Slumdog Millionaire was the other one, where Danny (Boyle) gave me the script and asked me to read it. I said, ‘Is this for me? Can I take this home? I’ll get to read the script?’ He asked, ‘Why is everybody saying that?’ I said, ‘Because we don’t really get scripts to read. We are photographers. Bas aao aur shoot karo.’ But he told me to read it and to let him know what I thought. That was the first time I had met someone who was open to sharing work. People are very possessive about their work over here in terms of stories, somebody will have an impression about it before, or somebody will say something about it. That’s why people don’t give it out, possibly, or they don’t think you’re important enough to be given the script. ‘What will you do with it? You’re a photographer. You just have to come on set and click pictures.’
Post Slumdog is when I started getting scripts and also started asking for them because I felt it was important for me to be passionate about the projects that I was taking up. I didn’t want to do something just because of kaam mil raha hai toh karein. I wanted to be excited about it, I needed to be engaged. It’s very hard to be on set and be a happy photographer documenting if you’re not interested in the project. What are you going to document? What are you going to get out of the picture, whether it’s a story, whether it’s an emotion, a moment or a scene? Something has to grab you to do something. For me, that’s what it started becoming. So, I slowly started reading.
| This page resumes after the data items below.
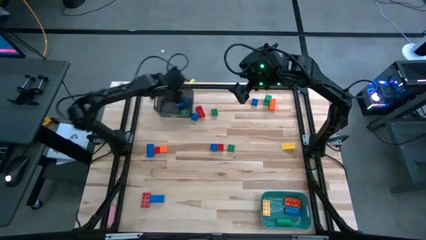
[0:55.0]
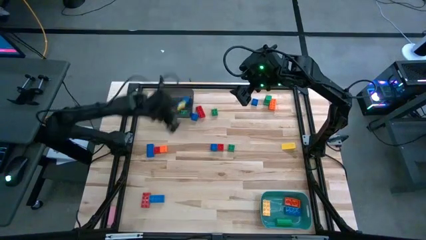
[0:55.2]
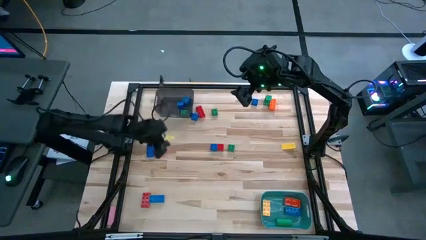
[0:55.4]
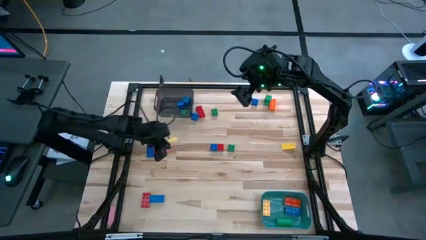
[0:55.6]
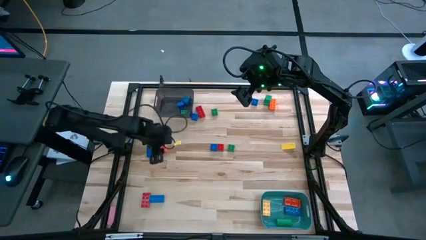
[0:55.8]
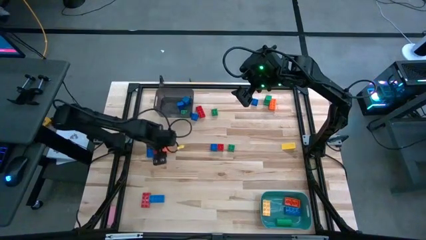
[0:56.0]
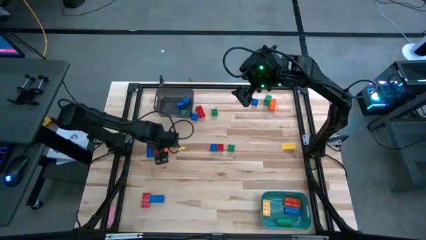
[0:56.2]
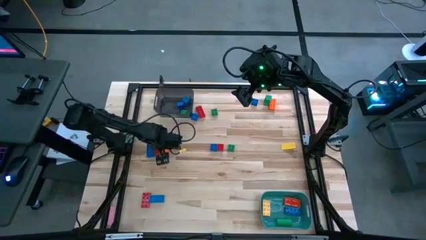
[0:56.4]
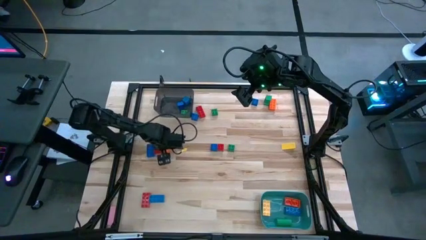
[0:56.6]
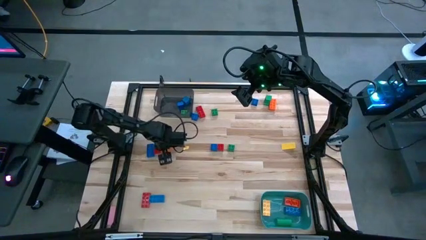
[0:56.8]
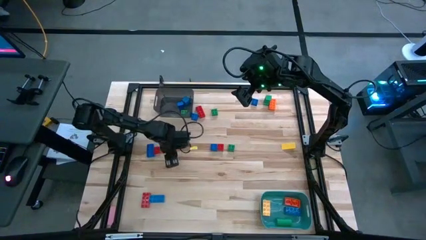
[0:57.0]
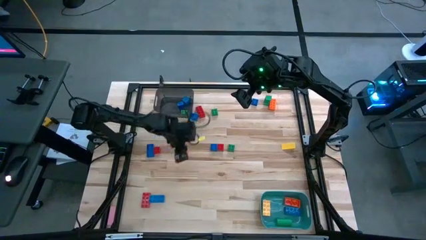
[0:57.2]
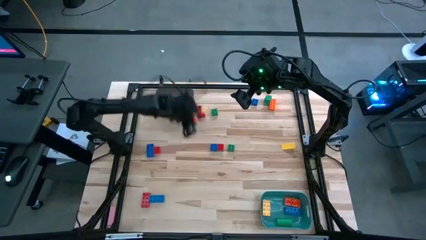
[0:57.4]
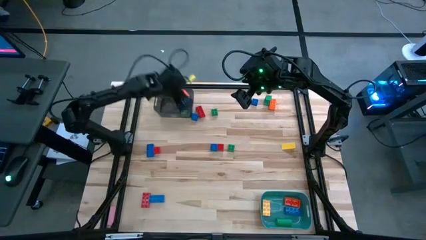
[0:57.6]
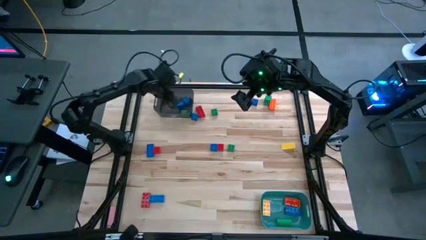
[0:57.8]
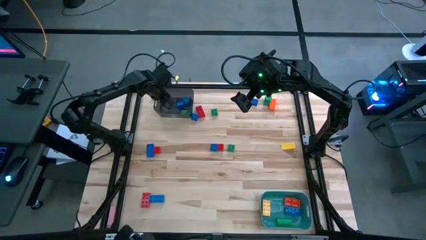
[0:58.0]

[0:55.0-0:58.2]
Task: Sort blocks by size
Put the orange four stud game piece into the black bin

I realised that when I read certain scripts, I started breaking them down in my head in terms of which scenes to document, when is a good day for me to come on set, when I should change my lenses for that day, or hire different glasses, or get a tighter lens, or whatever the requirement was.
I started using it as a sort of scheduling tool to help me be able to do the best that I could on that day. Sometimes, you want to do a project but you can’t do all the days. You then put it forward that why don’t I come for ten days and get the images for sure. ‘I’ll make sure that you have the best images for those ten days that I’m there.’ You are also starting to sell yourself and your work, and what you can do for a project based on that.
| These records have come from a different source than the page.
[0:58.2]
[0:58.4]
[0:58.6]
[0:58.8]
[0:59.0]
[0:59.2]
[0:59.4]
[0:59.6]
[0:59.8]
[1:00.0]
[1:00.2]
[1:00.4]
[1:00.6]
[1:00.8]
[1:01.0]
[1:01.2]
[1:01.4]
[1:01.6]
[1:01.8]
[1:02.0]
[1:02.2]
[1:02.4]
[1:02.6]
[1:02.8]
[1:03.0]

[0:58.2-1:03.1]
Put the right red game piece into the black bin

Smriti Kiran: Generous collaborators and directors really help because I remember Danny Boyle sent you a beautiful message because he was really happy with the work that you did. He actually wrote to you and said that your stills helped them sell the film.
Ishika Mohan Motwane: That was really cool. That was the first time I realised stills could do that. I knew that Devdas went to Cannes with copies of this beautiful brochure that they made for distribution there, and everybody kept talking about that brochure. This was something that I didn’t know existed, or that stills could be used to this level. I used to just shoot the images, colour correct them and upload them for viewing so that they got a feel of what I was doing on set, and whether I was looking at the film in the right way or not. Was I approaching it a certain way that I shouldn’t? I would do that simultaneously sometimes.
But Slumdog, too, made a brochure, and he said that I’d helped sell the film. That was not needed, but it felt really cool. It was lovely. So that’s the first time that I realised images can do that. Images can get eyeballs, images can tell a story, images can give an emotion. It’s also not moving, it’s still. That was the first time I realised that the first look can bring that excitement or awareness about a feature film.
Smriti Kiran: Ishika, you’ve worked a lot with Vikramaditya Motwane, a filmmaker who also happens to be your husband. You have also worked on films with other people. Once you gained significant experience, what are the first few things that you started doing on set, especially when you do not know the team at that point in time, to gather confidence and a comfort level so that you could do your job well?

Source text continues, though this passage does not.